7. The Kid by Charlie Chaplin (1921, USA)
10 of the Most Influential Movies Ever

This film is an extremely powerful ode to the love between a father and his son.

A single mother is discharged from hospital with a newborn baby. She decides to abandon the child and writes a note begging whoever finds him to love and care for him. Our beloved little tramp is the one who finds him and reluctantly takes on the responsibility.

Five years later, they’re a lovable pair of partners in petty crime, until a series of unexpected and sad events changes their lives forever.

8. Nosferatu by F. W. Murnau (1922, Weimar Republic)
10 of the Most Influential Movies Ever

One of the first ever vampire films and the first “Dracula” cinematographic adaption ever.

Perhaps one of the greatest horror films of all time, it shows Expressionism in all its glory through cinema. Lacking the rights to the Bram Stoker novel, Murnau changed the title and the characters’ names. Nevertheless, Stoker’s estate sued and won.

All copies of the film were ordered to be destroyed; however, one copy survived and was then copied and bootlegged all over the world. 

9. Psycho, by Alfred Hitchcock (1960, USA)
10 of the Most Influential Movies Ever

This has been touted as the first American modern film. It was enormously groundbreaking in its depiction of violence, sexuality, and the points where they meet and intersect in mainstream entertainment.

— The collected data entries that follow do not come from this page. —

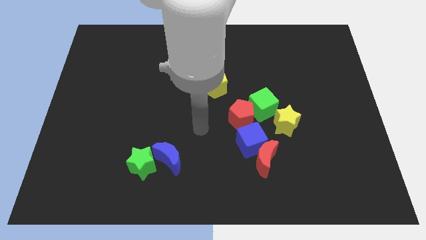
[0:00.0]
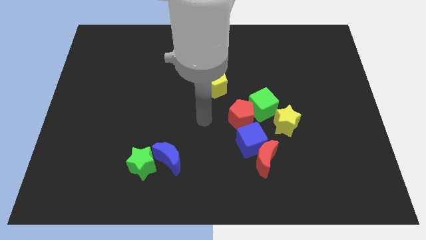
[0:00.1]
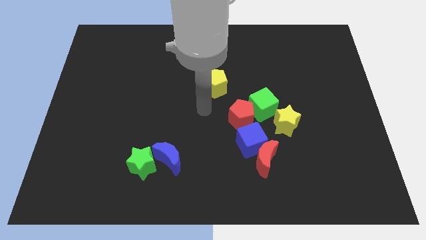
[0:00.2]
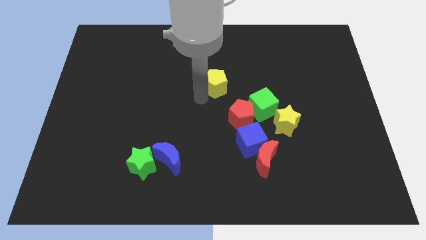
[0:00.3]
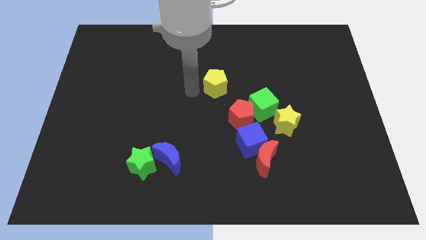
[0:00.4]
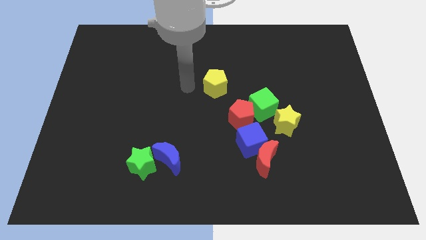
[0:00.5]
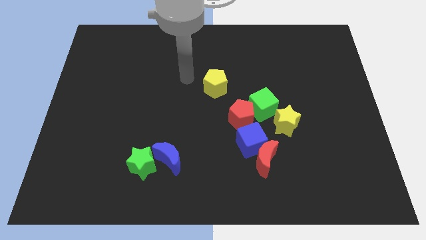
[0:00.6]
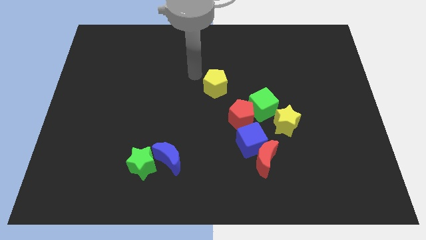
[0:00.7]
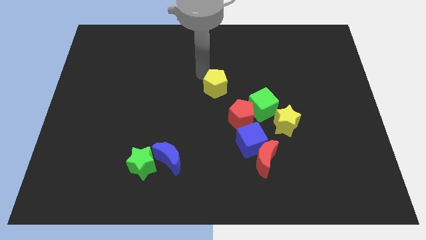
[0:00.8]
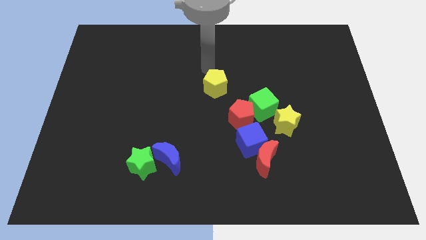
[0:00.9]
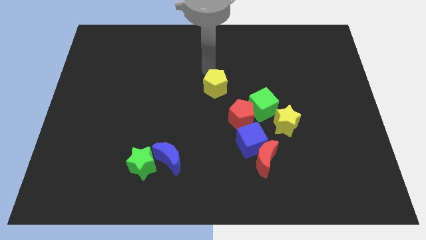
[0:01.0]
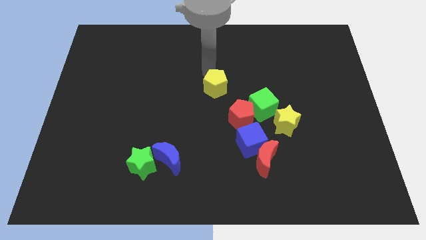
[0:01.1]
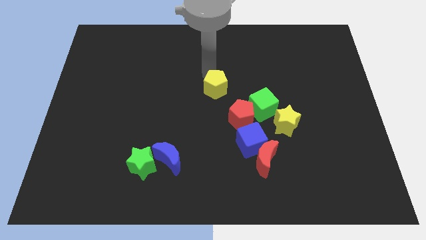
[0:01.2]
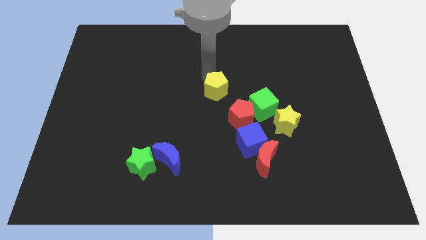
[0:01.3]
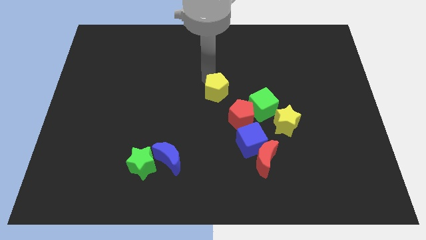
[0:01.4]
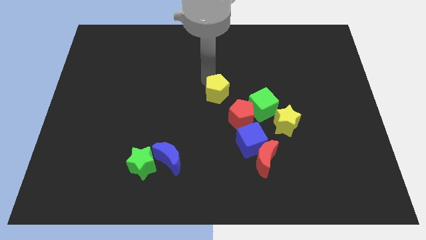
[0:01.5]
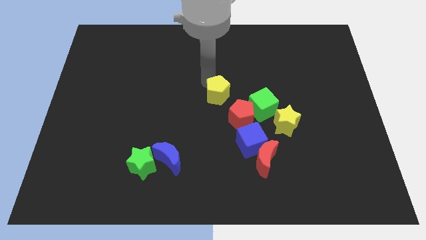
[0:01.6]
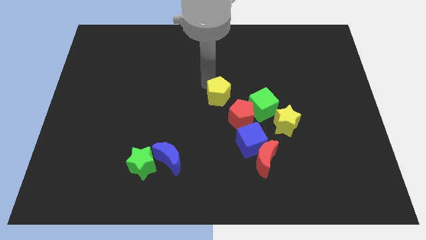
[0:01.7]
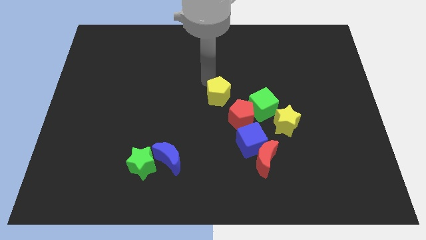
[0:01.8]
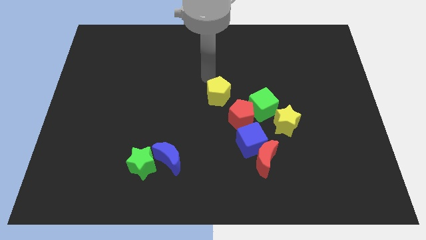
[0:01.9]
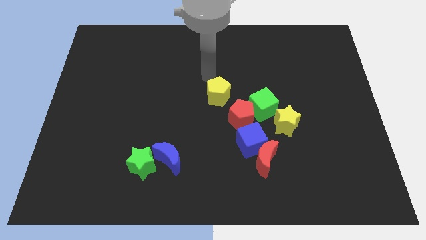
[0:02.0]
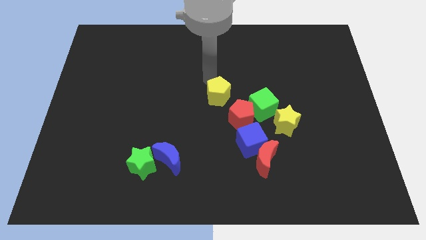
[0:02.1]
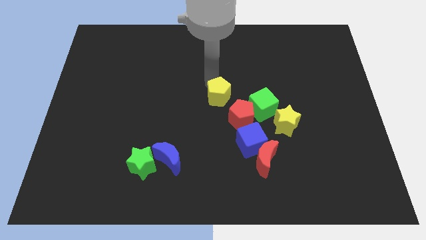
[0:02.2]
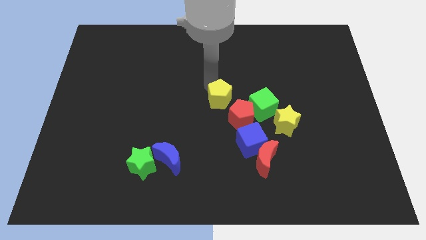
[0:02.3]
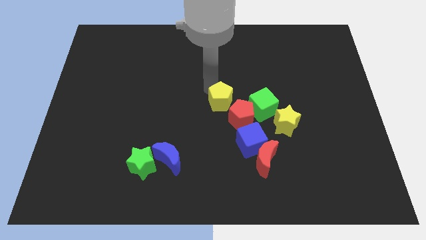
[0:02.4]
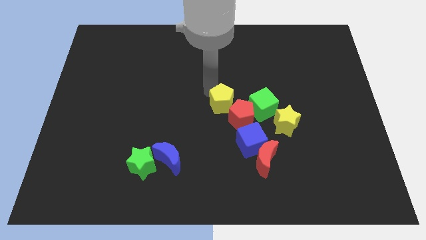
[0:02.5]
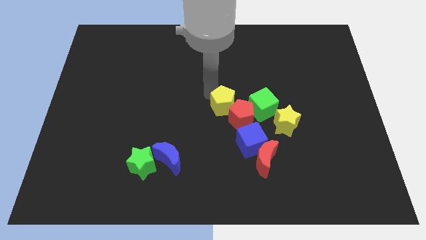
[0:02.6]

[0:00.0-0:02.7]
slide the yellow pentagon towards the red pentagon

Marion crane steals money from one of her boss’ associates, and as she’s trying to escape, she ends up in the Bates Motel, where there are 12 rooms and 12 vacancies. She’s tended to by Norman Bates, the son of the owner, Mrs. Bates. She goes for a shower and then, well, we all know what happened next.

This is now considered to be the perfect slasher film, and it’s one that forever changed and reshaped cinema, especially horror movies.

10. Seven Samurai by Akira Kurosawa (1954, Japan)
10 of the Most Influential Movies Ever

This was one of the first action movies as we know them today, and it’s an epic adventure drama about loyalty, bravery, trust, honor, and teamwork.

A group of poor villagers hire the seven samurai to help and protect them against some thieves who terrorize them and steal their crops. Astonishing from the very first frame to the last, this epic leaves viewers speechless time and time again.